-- DATA UNDER STUDY follows --

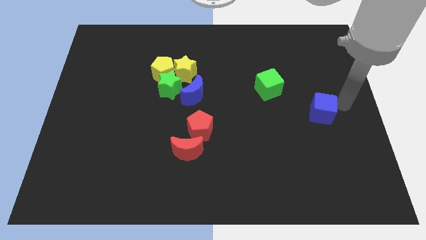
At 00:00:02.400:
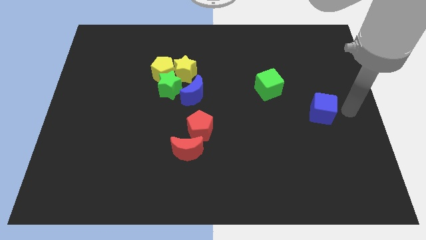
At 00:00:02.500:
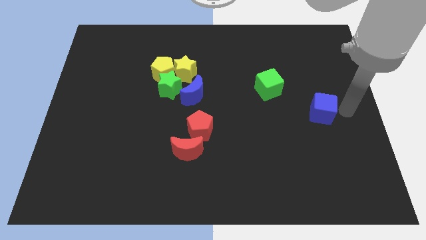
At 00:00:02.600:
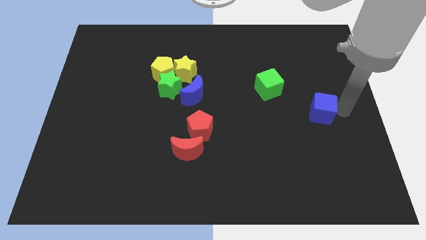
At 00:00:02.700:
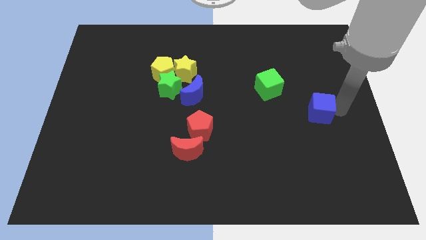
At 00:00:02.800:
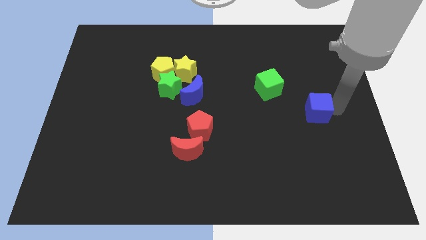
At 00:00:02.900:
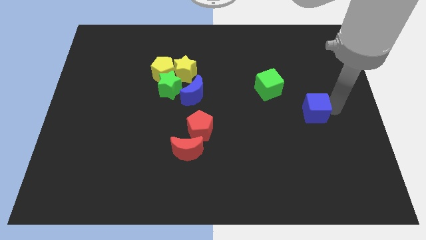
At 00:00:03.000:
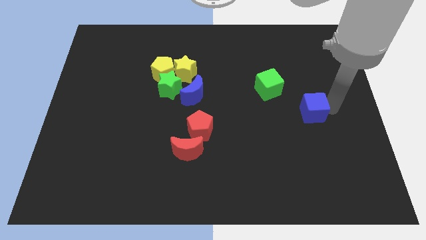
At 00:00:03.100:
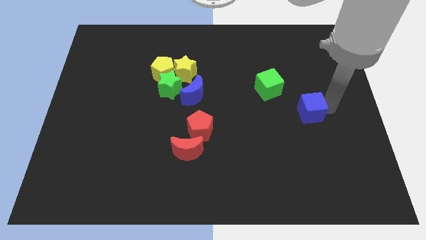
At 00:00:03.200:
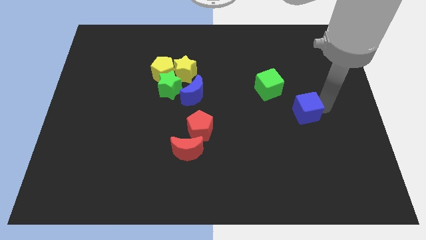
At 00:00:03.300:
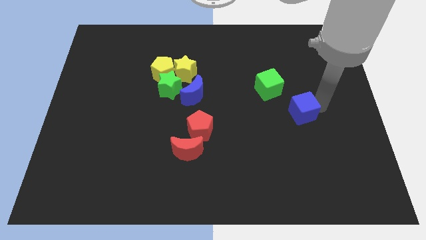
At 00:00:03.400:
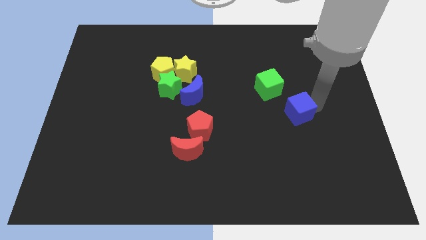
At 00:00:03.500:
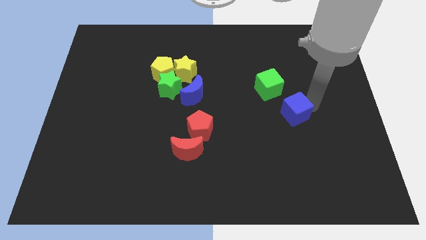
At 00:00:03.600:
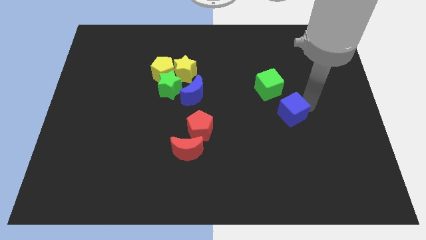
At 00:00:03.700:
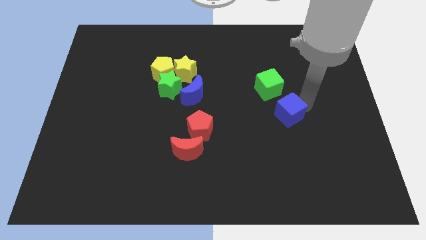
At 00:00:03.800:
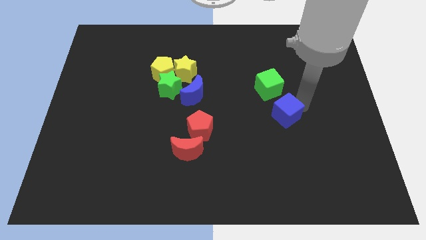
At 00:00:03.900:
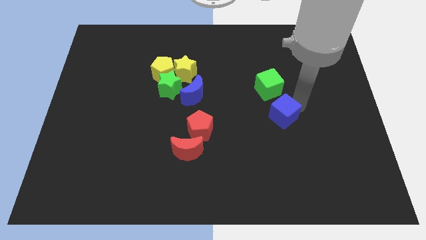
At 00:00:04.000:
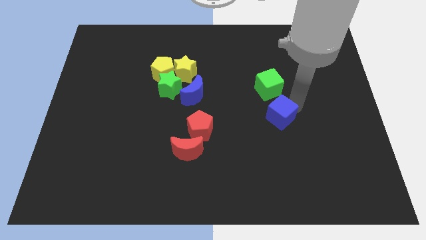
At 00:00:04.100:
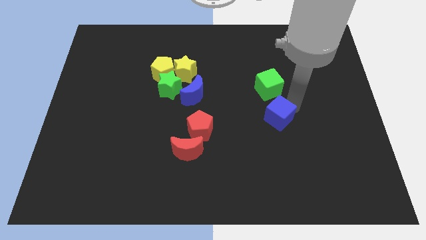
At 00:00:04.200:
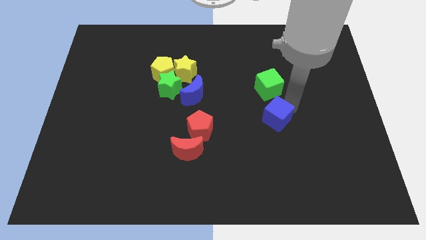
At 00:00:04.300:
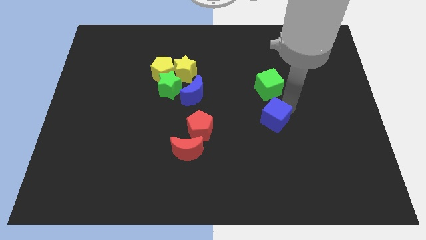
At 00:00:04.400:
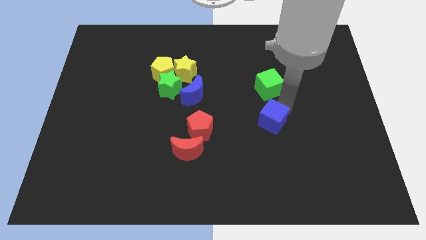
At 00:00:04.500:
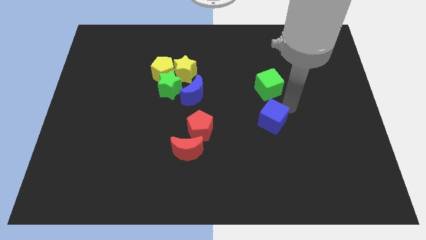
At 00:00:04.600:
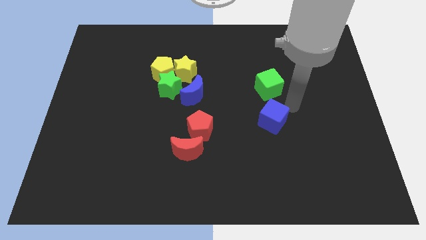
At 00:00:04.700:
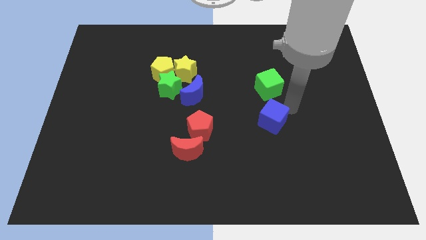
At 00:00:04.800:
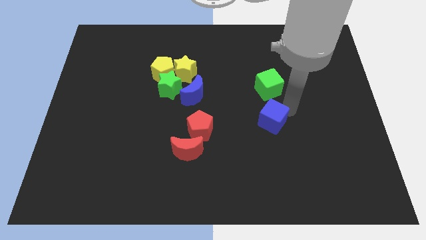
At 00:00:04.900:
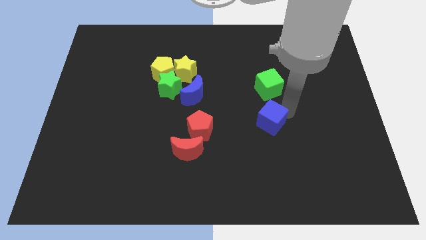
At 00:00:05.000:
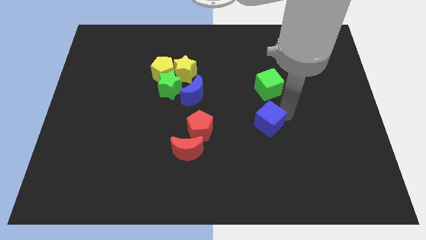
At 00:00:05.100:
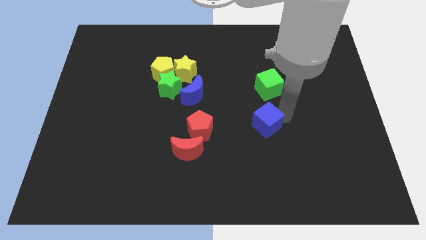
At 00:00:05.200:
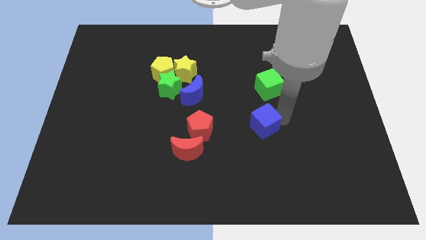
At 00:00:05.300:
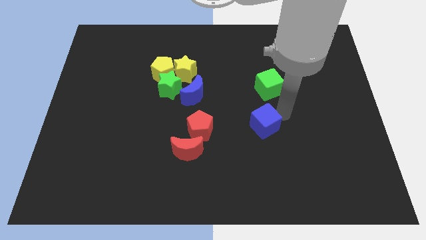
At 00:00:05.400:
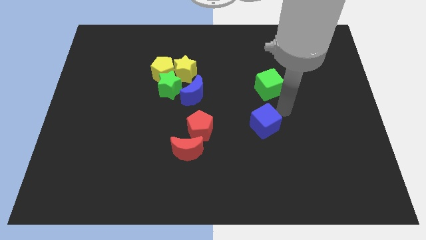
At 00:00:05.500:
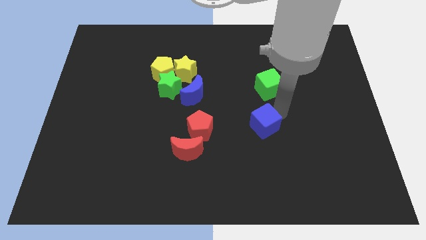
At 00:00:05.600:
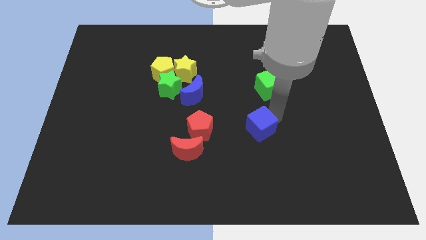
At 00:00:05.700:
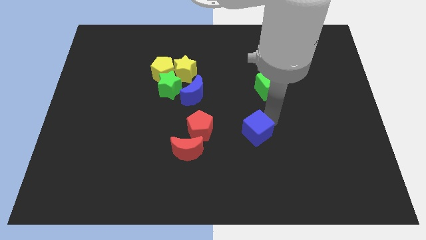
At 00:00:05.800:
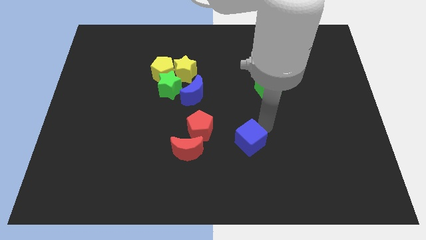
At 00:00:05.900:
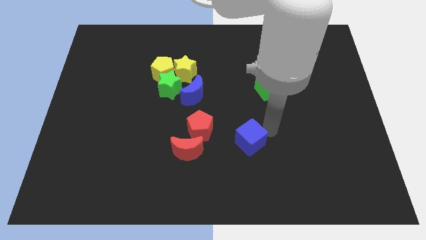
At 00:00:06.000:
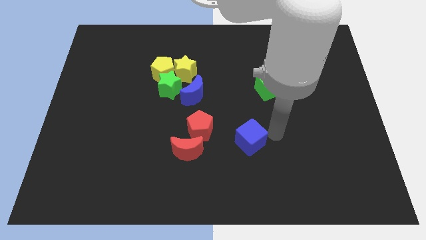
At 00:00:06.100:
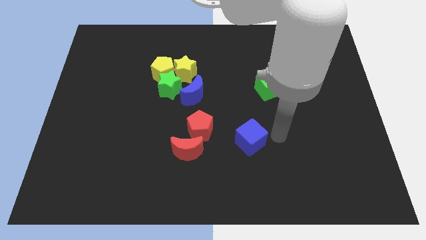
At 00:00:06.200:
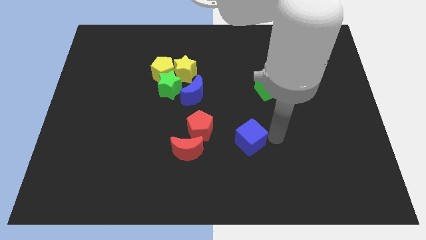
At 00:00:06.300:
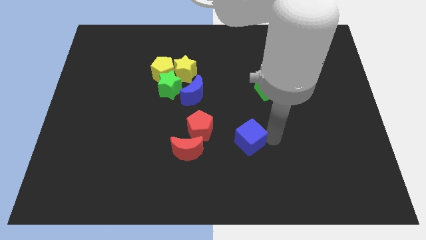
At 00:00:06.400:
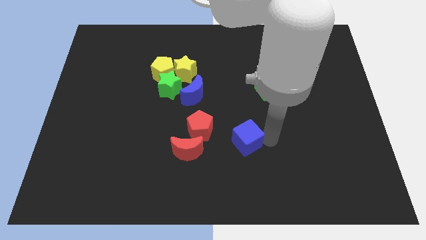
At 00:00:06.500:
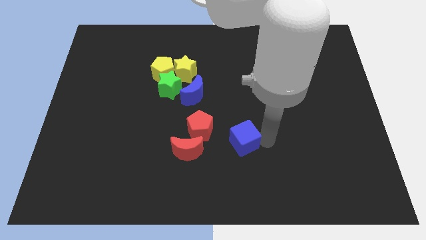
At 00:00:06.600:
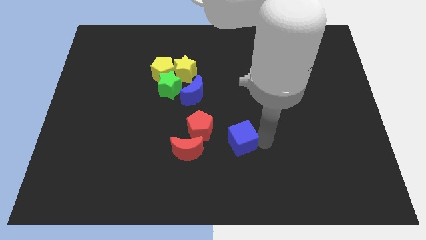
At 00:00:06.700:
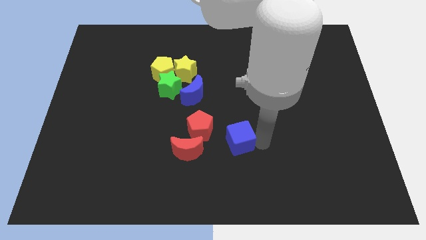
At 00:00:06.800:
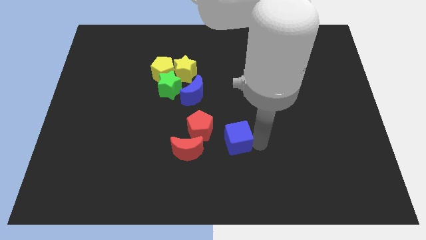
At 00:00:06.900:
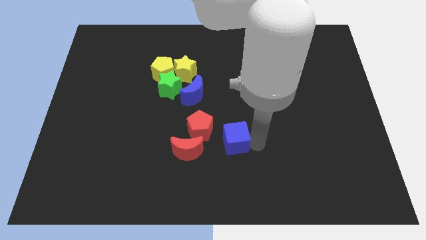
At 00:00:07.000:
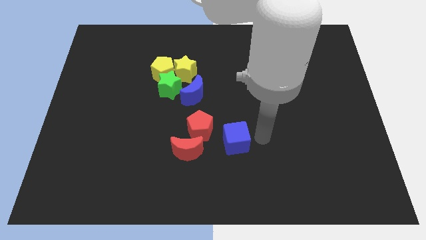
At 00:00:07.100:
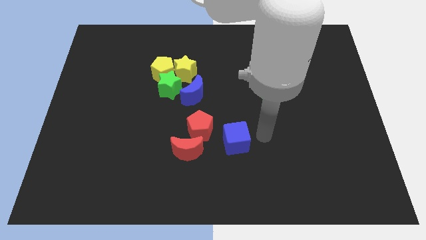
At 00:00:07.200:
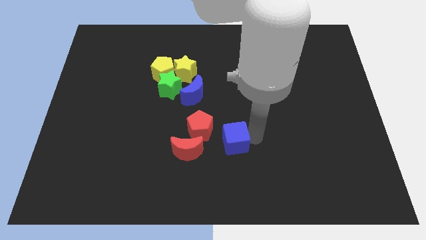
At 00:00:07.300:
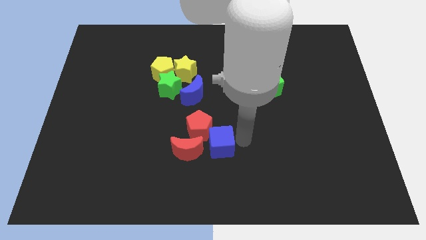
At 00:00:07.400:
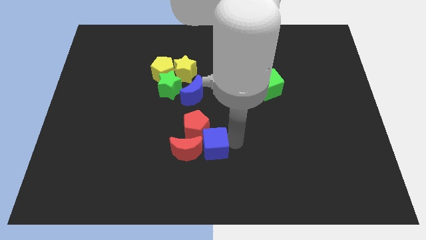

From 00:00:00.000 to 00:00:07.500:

-- DATA UNDER STUDY concluded --

ACTIVITY: Reproduce the data above exactly, leaving out any picture in it.

RESULT FOR THIS TASK:
At 00:00:02.400:
At 00:00:02.500:
At 00:00:02.600:
At 00:00:02.700:
At 00:00:02.800:
At 00:00:02.900:
At 00:00:03.000:
At 00:00:03.100:
At 00:00:03.200:
At 00:00:03.300:
At 00:00:03.400:
At 00:00:03.500:
At 00:00:03.600:
At 00:00:03.700:
At 00:00:03.800:
At 00:00:03.900:
At 00:00:04.000:
At 00:00:04.100:
At 00:00:04.200:
At 00:00:04.300:
At 00:00:04.400:
At 00:00:04.500:
At 00:00:04.600:
At 00:00:04.700:
At 00:00:04.800:
At 00:00:04.900:
At 00:00:05.000:
At 00:00:05.100:
At 00:00:05.200:
At 00:00:05.300:
At 00:00:05.400:
At 00:00:05.500:
At 00:00:05.600:
At 00:00:05.700:
At 00:00:05.800:
At 00:00:05.900:
At 00:00:06.000:
At 00:00:06.100:
At 00:00:06.200:
At 00:00:06.300:
At 00:00:06.400:
At 00:00:06.500:
At 00:00:06.600:
At 00:00:06.700:
At 00:00:06.800:
At 00:00:06.900:
At 00:00:07.000:
At 00:00:07.100:
At 00:00:07.200:
At 00:00:07.300:
At 00:00:07.400:

From 00:00:00.000 to 00:00:07.500:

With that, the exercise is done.